Analogously, the boy in family B (II:1) initially displayed subtle syndromic features, such as mild growth retardation, that appeared more pronounced over time. At the age of seven years, diverse skeletal abnormalities including spondyloepiphyseal dysplasia were detected (Table 4). At the same age, he was also found to have slowly progressive retinal dystrophy (Fig. 2b, Panels I-III) with decreased rod function but near-normal cone function on full-field flash electroretinography. Antibody deficiency in combination with skeletal and ophthalmological features led to the clinical suspicion of RS in the boy. However, his sister (II:2) had no radiographic sings of spondyloepiphyseal or hip dysplasia nor retinal dystrophy. Moreover, RS was originally presumed to be an X-linked recessive condition, although no causal gene had been identified16. When the family B girl (II:2) was about 9 years old, Gray et al. reported the first female patient with RS, having a skewed X-inactivation and a milder phenotype than her affected brother17. Subsequently, we hypothesized that patient II:2 might be a manifesting heterozygote of RS, which could be compatible with her milder extra-immunological phenotype at that time.
Cytogenetic and cytogenomic analyses were negative in both sibling pairs
In the family A twins, conventional G-banding karyotype, fluorescent in situ hybridization for region 22q11.2 and subtelomeric screening were normal. Furthermore, microarray-based comparative genomic hybridisation analysis in both sibling pairs did not demonstrate copy number variations.

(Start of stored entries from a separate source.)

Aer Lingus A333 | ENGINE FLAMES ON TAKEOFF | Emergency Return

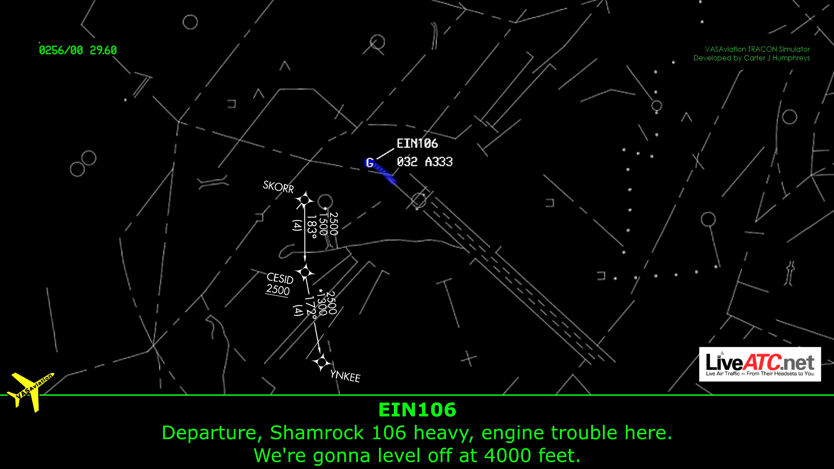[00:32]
Departures, Shamrock 106 Heavy, with engine trouble here, and we're going to level 4,000 feet.
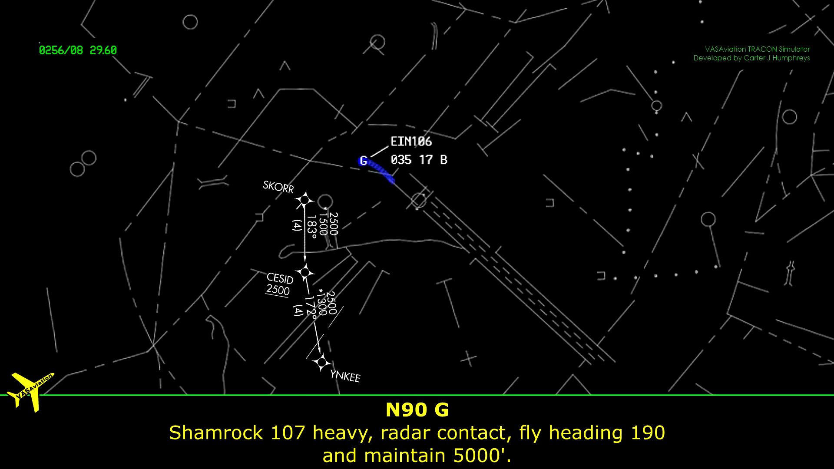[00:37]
Shamrock 107 Heavy, radar contact, fly heading 190 and maintain 5,000.
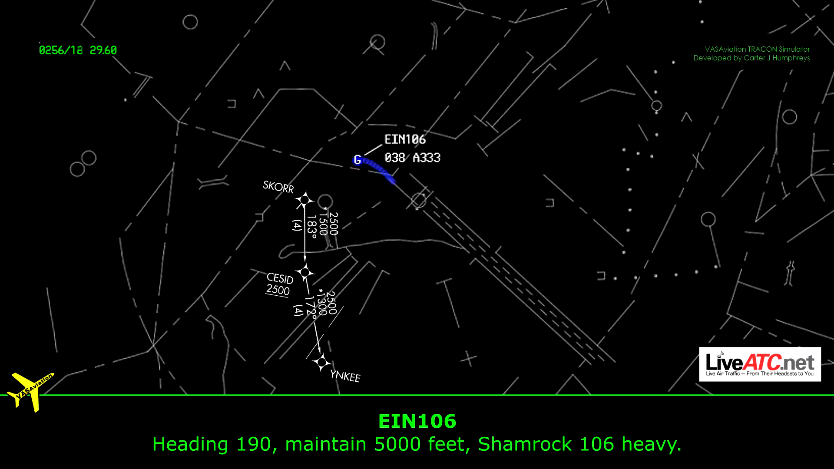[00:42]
Heading 190, maintain 5,000, Shamrock 106. Shamrock 107 Heavy, stay in tension.
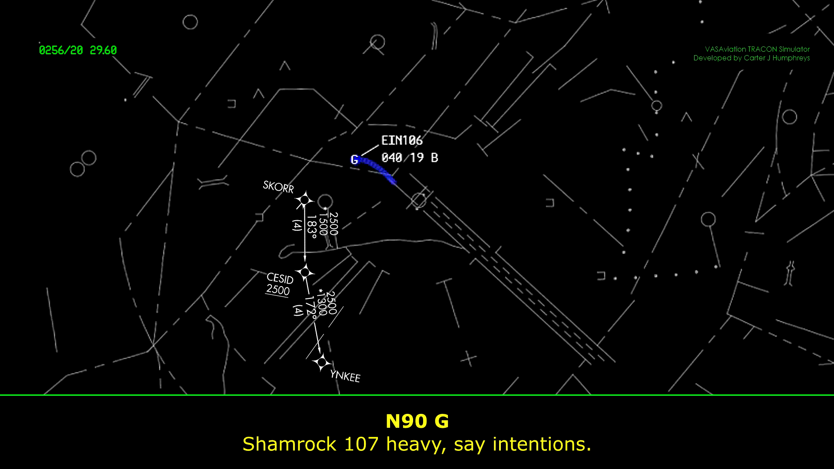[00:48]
Troubleshooting at the moment, and we're going to level 5,000 feet and take up heading 190.
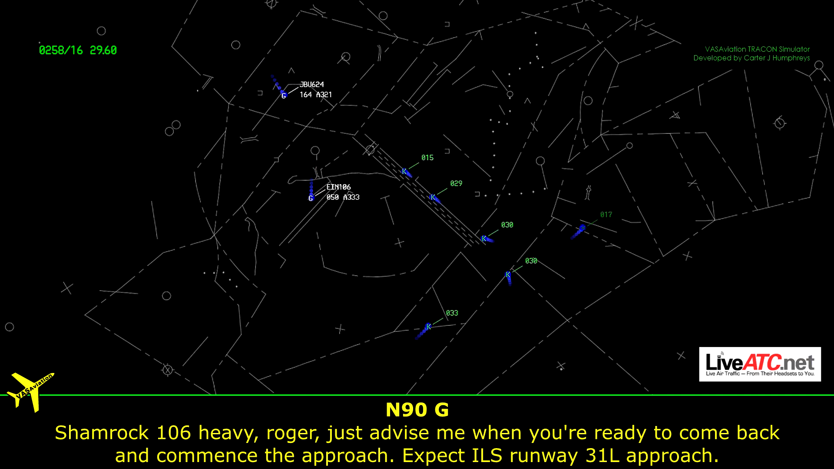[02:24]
Just advise when you're ready to come back into the approach. Expect ILS runway 31 left approach, 31 left. That's copied, ILS 31 left, Shamrock 106 Heavy.
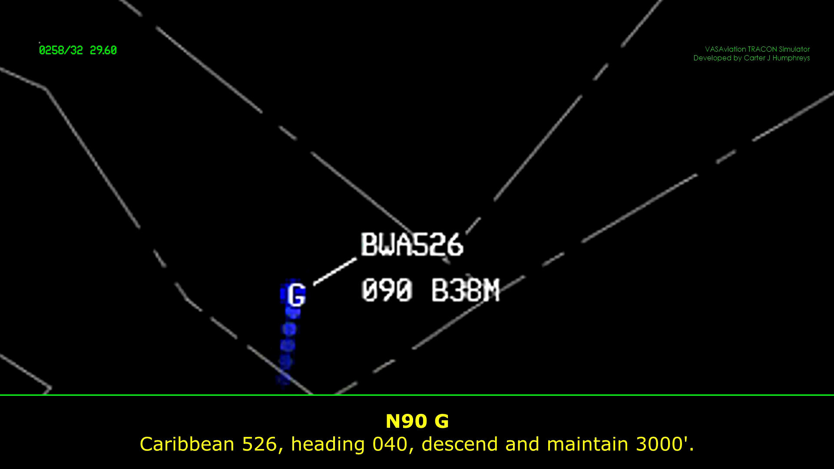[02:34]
We have 526 heading 040 to center, maintain 3,000.
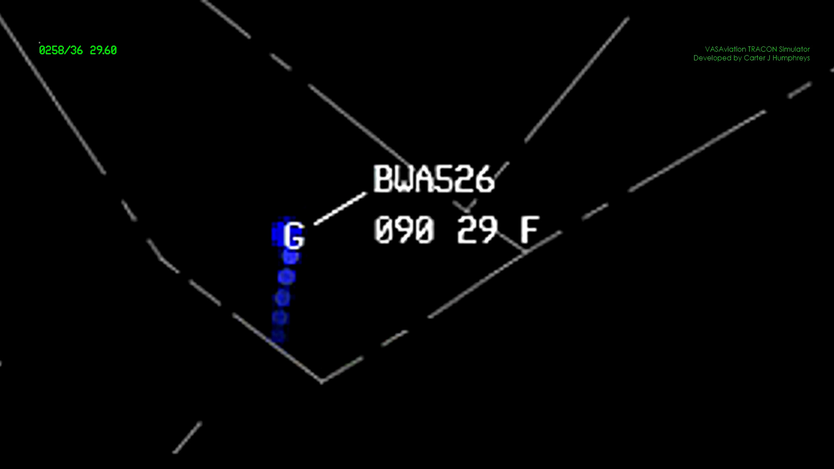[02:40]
Blue 624, heading 190, maintain 13,000.

Whole exome sequencing (WES) uncovers WSS in family A
Since no specific genetic syndrome was suspected in family A, WES was performed in patient II:2 and both parents. This revealed a heterozygous splice site variant in KMT2A (NM_001197104:c.10835 + 1 G > A), present in the twins (II:2, II:3) as well as in the mother (I:2) (Fig. 1a). The variant is not reported in public or in-house databases. The KMT2A nucleotide substitution is situated in the splice donor site of intron 28. In silico splicing prediction tools suggested complete loss of the splice donor site resulting in exon 28 skipping and an in-frame deletion of 81 bp, which was confirmed by analyses on cDNA derived from patients’ PBMCs (Fig. 1b). Mature KMT2A protein is physiologically cleaved in an N-terminal (KMT2A-N) and C-terminal (KMT2A-C) fragment, which together form a non-covalently associated complex (Fig. 1c)15, 18. Complex formation is necessary for stability and subnuclear localization of the protein18. The amino acids encoded by exon 28 are part of the interaction site between KMT2A-N and KMT2A-C (Fig. 1c)15. It has been shown that disrupting the interaction between the two fragments causes degradation of the KMT2A-N fragment and loss of protein function18. The KMT2A-N fragment was only very weakly detectable by western blot on PBMC lysates, however, and could therefore not be reliably interpreted (data not shown). Subsequent investigations in the mother demonstrated mild intellectual disability, undetectable serum IgM, and reduced switched memory B cells (Table 1). Taken together, the c.10835 + 1 G > A variant in KMT2A indicates a molecular diagnosis of WSS in the twin brothers and their mother.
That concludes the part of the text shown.